» **YOUR TASK**
Go through the entries below and print, exactly, the lines starting at the one with "[diagram: clean part render]" and ending at the one with "Length unit declared in the file: inch", keeping both ends and no others.
━━━ SOURCE MATERIAL ━━━
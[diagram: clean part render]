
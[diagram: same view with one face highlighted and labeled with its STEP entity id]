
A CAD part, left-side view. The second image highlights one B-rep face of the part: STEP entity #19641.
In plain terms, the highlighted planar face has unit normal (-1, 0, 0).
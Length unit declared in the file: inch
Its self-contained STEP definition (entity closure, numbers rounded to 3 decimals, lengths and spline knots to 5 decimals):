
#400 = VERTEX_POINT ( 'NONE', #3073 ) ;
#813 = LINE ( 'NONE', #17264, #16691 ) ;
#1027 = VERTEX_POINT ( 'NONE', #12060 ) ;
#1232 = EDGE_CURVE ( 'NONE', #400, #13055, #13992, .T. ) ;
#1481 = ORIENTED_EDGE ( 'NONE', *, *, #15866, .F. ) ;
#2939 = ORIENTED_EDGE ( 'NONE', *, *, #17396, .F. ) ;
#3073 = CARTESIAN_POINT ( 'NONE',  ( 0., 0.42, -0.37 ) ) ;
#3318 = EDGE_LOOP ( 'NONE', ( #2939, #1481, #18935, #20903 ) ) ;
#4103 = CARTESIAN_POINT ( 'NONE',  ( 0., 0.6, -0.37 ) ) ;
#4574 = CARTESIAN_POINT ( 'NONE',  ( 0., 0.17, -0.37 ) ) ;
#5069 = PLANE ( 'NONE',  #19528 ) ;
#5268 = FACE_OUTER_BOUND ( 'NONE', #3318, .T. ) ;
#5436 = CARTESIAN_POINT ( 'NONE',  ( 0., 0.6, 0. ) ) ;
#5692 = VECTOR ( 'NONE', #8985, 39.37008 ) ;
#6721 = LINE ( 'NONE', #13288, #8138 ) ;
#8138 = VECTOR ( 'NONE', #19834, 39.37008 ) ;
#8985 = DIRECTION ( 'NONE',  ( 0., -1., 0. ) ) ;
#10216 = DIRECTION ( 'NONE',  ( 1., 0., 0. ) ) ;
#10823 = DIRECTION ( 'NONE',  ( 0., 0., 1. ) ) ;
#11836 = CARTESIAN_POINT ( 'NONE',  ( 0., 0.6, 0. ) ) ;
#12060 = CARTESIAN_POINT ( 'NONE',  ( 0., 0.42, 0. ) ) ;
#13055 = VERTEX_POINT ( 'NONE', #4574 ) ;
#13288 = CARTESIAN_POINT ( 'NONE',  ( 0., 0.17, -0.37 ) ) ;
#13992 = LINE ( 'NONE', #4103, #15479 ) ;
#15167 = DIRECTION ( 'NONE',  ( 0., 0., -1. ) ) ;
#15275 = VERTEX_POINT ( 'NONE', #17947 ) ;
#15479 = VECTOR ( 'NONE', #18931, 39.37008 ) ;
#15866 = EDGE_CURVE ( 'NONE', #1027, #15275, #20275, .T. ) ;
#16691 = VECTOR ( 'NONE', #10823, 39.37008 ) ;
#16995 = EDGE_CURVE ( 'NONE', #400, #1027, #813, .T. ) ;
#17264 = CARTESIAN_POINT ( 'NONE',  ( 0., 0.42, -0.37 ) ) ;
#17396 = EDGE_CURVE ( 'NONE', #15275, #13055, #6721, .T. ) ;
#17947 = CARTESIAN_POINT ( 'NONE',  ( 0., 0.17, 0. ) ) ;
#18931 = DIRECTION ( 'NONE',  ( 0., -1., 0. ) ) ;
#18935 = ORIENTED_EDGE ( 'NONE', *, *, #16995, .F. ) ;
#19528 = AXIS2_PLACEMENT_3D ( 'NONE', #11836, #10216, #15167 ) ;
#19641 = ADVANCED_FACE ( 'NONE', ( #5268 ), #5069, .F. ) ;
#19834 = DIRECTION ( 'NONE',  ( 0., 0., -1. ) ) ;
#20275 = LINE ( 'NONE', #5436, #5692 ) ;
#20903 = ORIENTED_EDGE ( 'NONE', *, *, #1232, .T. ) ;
━━━
━━━ SOURCE MATERIAL ━━━
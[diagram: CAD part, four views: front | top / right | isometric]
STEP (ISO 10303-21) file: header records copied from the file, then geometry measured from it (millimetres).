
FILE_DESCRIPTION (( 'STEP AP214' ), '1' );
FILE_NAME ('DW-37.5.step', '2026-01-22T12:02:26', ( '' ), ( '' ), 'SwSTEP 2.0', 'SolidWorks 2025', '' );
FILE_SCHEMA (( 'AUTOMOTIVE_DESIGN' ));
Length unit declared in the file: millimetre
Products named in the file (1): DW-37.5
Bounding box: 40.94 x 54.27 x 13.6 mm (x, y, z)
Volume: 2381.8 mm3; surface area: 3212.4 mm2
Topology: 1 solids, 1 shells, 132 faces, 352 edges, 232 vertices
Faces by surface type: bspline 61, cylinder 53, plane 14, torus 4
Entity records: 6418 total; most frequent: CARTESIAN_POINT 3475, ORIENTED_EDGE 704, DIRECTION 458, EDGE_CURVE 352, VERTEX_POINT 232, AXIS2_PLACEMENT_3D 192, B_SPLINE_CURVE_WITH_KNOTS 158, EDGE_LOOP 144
━━━
» **WRITTEN SOLUTION**
[diagram: clean part render]
[diagram: same view with one face highlighted and labeled with its STEP entity id]
A CAD part, left-side view. The second image highlights one B-rep face of the part: STEP entity #19641.
In plain terms, the highlighted planar face has unit normal (-1, 0, 0).
Length unit declared in the file: inch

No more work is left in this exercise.